Until Mandelbrot, no-one had really seen a fractal. Sure, these recursive equations and visual thought experiments allowed one to conceive of fractals, and even to draw them to a point, but how would you draw a complete fractal? Not only would illustrating a proper fractal require millions of calculations, but you’d still have no proper way of zooming in and out. But Mandelbrot had a new secret weapon: the computer.
Using early computers, Mandelbrot analyzed the monsters and plotted the results on a screen. The images that emerged were nothing short of elegant and beautiful. Today, they are almost universally recognizable as part of pop-culture. Thanks to the advantages of screen over paper, computers also solved the magnification problem, allowing scientists and laymen alike to zoom in and out of these stunningly infinite structures with a click of a mouse. It seems a strange coincidence that Leibniz also invented binary.

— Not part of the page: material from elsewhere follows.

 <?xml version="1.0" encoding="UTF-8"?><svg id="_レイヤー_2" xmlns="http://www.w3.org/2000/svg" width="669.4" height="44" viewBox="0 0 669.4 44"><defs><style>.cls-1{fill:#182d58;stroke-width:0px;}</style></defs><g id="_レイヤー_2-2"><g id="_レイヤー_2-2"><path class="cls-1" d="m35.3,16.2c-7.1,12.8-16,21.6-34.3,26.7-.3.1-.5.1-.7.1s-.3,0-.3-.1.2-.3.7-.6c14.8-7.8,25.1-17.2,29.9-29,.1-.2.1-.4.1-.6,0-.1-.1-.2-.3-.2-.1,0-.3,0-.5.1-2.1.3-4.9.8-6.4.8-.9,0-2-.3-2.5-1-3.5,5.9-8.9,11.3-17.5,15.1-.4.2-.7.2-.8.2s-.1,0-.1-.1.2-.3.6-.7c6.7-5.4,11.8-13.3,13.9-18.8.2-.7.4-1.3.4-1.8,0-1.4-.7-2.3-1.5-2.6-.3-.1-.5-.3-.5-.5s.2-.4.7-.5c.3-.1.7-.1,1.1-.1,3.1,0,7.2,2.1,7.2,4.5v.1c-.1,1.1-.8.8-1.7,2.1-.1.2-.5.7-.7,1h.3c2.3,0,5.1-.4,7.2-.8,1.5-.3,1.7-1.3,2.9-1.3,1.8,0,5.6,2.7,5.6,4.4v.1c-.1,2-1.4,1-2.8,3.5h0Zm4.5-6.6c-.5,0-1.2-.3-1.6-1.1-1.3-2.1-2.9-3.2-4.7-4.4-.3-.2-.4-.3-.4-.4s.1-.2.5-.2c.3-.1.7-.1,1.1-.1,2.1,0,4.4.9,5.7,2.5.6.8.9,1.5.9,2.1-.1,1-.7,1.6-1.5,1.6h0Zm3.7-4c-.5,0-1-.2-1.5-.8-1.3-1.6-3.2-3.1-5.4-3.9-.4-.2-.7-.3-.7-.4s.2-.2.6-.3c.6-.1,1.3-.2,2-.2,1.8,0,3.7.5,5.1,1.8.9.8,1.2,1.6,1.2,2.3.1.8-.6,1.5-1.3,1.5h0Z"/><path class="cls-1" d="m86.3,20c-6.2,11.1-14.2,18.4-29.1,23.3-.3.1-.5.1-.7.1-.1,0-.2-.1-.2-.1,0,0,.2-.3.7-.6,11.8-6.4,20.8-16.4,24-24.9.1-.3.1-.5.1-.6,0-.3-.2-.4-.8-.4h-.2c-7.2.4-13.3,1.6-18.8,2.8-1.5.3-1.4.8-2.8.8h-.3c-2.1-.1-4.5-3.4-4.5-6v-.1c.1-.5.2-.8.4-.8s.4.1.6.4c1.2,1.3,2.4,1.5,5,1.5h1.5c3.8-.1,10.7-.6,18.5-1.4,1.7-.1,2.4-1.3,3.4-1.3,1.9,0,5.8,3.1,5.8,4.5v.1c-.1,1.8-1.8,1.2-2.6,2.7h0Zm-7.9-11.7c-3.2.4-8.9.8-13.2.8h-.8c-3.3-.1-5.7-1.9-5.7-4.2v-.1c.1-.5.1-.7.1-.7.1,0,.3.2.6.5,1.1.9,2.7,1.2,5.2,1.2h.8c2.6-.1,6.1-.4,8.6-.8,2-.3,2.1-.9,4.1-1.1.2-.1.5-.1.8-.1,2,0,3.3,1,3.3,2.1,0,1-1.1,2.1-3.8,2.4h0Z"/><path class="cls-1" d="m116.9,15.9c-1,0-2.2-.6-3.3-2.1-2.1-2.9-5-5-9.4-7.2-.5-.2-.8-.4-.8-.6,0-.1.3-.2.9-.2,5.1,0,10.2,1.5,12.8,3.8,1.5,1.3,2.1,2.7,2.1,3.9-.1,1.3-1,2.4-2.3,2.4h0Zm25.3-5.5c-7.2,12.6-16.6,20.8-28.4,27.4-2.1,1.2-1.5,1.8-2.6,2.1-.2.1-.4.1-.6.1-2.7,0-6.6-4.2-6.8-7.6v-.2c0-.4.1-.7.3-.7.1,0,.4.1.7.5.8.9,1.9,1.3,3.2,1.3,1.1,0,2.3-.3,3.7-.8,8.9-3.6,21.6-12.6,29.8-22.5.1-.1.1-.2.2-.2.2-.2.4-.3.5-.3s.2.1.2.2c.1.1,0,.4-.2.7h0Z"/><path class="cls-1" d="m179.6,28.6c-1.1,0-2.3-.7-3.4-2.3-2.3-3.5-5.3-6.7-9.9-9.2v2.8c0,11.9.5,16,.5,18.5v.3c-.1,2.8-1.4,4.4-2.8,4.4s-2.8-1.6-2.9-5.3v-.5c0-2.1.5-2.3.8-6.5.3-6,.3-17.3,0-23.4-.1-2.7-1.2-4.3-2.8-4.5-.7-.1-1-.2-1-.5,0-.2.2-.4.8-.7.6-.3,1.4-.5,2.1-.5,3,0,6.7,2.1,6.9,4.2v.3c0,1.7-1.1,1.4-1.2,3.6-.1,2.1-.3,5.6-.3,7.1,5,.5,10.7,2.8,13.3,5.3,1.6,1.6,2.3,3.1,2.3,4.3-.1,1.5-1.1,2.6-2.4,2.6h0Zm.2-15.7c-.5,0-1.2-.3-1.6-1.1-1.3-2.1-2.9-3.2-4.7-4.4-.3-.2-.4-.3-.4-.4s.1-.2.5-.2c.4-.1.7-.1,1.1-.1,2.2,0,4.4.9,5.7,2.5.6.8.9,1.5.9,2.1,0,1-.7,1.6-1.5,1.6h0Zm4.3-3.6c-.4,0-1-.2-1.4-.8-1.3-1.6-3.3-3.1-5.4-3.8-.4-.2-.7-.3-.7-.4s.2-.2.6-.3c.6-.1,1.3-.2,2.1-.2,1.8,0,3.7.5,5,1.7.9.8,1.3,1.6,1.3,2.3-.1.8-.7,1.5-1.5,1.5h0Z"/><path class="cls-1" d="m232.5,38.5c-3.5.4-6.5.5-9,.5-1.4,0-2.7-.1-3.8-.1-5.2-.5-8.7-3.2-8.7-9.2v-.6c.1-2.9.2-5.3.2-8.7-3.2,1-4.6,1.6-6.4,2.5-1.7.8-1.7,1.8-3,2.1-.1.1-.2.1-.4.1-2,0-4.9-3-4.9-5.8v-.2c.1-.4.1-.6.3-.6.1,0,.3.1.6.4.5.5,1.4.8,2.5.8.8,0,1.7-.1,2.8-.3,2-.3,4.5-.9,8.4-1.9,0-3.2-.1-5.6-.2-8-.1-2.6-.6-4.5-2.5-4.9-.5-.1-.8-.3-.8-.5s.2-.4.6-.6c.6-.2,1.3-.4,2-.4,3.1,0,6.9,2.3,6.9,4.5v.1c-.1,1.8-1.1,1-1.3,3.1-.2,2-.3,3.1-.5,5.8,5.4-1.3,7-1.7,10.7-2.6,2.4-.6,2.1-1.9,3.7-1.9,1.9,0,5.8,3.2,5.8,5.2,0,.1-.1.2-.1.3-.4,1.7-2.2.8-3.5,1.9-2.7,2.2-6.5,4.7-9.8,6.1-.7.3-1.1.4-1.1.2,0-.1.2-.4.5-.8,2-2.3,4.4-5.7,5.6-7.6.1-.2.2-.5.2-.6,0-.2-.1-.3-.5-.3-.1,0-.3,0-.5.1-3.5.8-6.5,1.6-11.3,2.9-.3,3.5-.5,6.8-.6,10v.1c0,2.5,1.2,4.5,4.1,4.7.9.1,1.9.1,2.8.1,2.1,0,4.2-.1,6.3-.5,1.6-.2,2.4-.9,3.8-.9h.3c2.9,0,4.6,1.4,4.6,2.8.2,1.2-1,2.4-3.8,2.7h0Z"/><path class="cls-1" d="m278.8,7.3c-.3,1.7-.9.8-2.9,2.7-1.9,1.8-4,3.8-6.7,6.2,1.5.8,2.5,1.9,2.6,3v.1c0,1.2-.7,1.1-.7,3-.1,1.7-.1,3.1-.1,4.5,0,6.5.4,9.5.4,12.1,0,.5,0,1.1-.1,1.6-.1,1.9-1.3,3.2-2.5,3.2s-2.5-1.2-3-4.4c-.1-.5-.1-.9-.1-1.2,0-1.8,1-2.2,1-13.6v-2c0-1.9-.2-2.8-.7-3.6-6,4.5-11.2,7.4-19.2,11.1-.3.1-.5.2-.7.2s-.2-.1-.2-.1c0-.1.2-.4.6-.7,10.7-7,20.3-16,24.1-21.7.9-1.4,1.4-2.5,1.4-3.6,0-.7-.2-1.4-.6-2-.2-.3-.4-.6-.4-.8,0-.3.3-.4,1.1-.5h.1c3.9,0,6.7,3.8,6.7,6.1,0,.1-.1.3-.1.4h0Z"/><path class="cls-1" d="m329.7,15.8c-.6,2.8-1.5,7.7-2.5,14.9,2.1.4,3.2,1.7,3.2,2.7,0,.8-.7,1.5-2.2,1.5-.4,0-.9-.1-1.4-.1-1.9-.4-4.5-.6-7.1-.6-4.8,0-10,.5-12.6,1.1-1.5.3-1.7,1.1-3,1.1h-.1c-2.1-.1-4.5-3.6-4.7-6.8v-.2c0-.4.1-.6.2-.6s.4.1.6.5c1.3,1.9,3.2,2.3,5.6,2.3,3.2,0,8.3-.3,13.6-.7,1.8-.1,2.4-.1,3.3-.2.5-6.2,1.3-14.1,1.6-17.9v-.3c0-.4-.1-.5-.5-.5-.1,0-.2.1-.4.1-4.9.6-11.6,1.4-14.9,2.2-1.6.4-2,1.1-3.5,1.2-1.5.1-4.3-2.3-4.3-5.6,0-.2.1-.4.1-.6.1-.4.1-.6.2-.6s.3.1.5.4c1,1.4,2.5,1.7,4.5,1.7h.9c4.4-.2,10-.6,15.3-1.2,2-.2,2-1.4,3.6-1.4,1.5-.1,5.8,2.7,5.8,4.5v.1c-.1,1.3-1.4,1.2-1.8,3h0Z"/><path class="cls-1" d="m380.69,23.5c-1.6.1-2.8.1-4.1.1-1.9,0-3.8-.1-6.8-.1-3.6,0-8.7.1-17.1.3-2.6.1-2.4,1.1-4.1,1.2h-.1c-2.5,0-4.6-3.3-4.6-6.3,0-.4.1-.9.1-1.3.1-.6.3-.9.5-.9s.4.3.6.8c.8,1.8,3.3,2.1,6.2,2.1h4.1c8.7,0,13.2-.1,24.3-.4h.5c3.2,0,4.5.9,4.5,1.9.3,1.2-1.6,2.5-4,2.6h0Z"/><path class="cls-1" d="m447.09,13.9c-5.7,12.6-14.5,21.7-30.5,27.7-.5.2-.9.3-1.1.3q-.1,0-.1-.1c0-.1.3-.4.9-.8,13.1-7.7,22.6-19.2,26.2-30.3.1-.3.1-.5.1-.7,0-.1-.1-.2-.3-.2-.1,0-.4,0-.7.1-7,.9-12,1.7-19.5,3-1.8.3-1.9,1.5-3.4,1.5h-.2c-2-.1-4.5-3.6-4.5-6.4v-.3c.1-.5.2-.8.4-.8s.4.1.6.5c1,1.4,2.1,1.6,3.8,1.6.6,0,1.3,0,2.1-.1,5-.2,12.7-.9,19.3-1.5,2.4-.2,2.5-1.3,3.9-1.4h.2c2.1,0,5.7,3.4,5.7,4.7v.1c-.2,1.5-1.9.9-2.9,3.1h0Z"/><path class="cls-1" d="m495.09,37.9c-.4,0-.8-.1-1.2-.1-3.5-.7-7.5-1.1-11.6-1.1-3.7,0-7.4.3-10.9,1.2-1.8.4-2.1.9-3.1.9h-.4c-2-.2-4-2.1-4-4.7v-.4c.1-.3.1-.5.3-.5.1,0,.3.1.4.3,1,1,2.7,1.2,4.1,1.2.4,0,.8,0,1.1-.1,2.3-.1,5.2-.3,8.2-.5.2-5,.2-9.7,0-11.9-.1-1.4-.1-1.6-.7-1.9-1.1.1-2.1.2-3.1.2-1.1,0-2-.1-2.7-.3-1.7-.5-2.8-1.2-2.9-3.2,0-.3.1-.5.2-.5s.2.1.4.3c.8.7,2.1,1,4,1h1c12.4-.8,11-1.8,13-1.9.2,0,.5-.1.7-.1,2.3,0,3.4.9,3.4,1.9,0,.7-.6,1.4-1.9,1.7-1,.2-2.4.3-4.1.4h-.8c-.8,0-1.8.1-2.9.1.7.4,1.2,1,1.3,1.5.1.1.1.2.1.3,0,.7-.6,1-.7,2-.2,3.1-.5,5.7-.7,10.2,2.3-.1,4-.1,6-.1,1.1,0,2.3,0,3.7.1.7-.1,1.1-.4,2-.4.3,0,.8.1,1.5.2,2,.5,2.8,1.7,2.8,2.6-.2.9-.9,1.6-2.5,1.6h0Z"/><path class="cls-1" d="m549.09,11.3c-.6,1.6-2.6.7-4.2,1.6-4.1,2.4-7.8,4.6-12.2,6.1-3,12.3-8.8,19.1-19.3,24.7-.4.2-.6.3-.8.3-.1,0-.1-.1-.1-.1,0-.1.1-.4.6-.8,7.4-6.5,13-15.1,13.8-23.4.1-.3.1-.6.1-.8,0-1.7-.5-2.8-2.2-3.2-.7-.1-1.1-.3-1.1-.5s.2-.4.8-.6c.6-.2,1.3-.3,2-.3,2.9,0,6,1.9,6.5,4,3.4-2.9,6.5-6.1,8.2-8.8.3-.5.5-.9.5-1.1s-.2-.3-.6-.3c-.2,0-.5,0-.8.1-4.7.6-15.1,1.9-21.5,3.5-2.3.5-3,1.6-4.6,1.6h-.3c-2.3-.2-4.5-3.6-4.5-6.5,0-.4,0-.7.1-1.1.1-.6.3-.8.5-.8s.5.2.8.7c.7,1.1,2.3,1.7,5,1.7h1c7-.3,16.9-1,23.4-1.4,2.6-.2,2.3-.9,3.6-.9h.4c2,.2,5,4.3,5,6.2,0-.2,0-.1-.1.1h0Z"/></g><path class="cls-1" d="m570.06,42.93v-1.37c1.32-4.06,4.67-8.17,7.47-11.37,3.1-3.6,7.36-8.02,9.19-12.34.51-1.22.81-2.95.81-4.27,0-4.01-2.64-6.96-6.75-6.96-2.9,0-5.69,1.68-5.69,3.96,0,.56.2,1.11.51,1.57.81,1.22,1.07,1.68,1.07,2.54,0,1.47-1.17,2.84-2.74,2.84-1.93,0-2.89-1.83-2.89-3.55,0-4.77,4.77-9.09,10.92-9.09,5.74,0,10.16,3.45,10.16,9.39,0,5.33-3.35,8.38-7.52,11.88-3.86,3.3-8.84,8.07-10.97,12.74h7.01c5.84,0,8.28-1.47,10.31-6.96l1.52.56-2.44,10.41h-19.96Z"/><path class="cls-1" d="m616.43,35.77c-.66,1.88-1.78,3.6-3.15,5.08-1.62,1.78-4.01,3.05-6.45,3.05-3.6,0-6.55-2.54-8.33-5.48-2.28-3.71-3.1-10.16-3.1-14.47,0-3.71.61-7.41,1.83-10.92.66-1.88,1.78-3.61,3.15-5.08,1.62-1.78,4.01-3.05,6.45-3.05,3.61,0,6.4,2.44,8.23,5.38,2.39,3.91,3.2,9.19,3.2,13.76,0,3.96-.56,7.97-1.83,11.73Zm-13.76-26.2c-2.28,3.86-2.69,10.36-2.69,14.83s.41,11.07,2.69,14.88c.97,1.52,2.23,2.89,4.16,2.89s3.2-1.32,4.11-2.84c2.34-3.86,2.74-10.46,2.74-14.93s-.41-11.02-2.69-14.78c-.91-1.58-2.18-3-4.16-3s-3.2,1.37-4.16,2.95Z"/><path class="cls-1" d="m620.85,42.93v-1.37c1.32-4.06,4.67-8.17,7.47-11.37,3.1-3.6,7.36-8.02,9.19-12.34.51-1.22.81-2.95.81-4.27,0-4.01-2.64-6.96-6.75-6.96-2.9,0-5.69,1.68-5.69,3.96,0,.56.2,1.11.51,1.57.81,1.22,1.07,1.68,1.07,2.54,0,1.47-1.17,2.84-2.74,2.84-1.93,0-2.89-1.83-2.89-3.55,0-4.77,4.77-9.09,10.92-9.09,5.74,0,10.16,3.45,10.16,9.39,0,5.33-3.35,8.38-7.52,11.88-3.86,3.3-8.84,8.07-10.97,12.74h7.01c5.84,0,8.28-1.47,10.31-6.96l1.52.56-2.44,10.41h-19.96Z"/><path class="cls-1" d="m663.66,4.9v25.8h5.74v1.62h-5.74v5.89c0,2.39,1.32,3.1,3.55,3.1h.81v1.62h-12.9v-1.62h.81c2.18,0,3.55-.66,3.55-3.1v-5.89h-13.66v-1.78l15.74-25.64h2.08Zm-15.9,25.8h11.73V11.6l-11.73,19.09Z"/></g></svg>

The most notable and common feature among fractal images is that they are organic. The resemblance to nature is uncanny and intuitive. Seeing a Mandelbrot set (pictured above) for the first time, one thinks of a beetle, or an acorn, or a fish. In his book, Mandelbrot explains how fractal geometry can be used to explain such diverse natural phenomena as coastlines, mountains, clouds, trees and lightning. You do not have to be a mathematician to see fractals in these structures: a branch looks like a small tree and a small cloud looks like a big cloud.
One of the most exciting aspects of fractals is that they provide a mechanism to describe and in turn understand the natural world. That’s because fractals are good at describing roughness, the kind of endless scale-free roughness you find in nature, whereas prior math was good at describing smoothness, the kind you find in man-made objects. Or to use Liebniz’s terms, fractals describe the divine art while Euclid describes ours. Ironically, we needed computers to show us what a fractal really looks like before we saw the obvious truth: nature is scale-free.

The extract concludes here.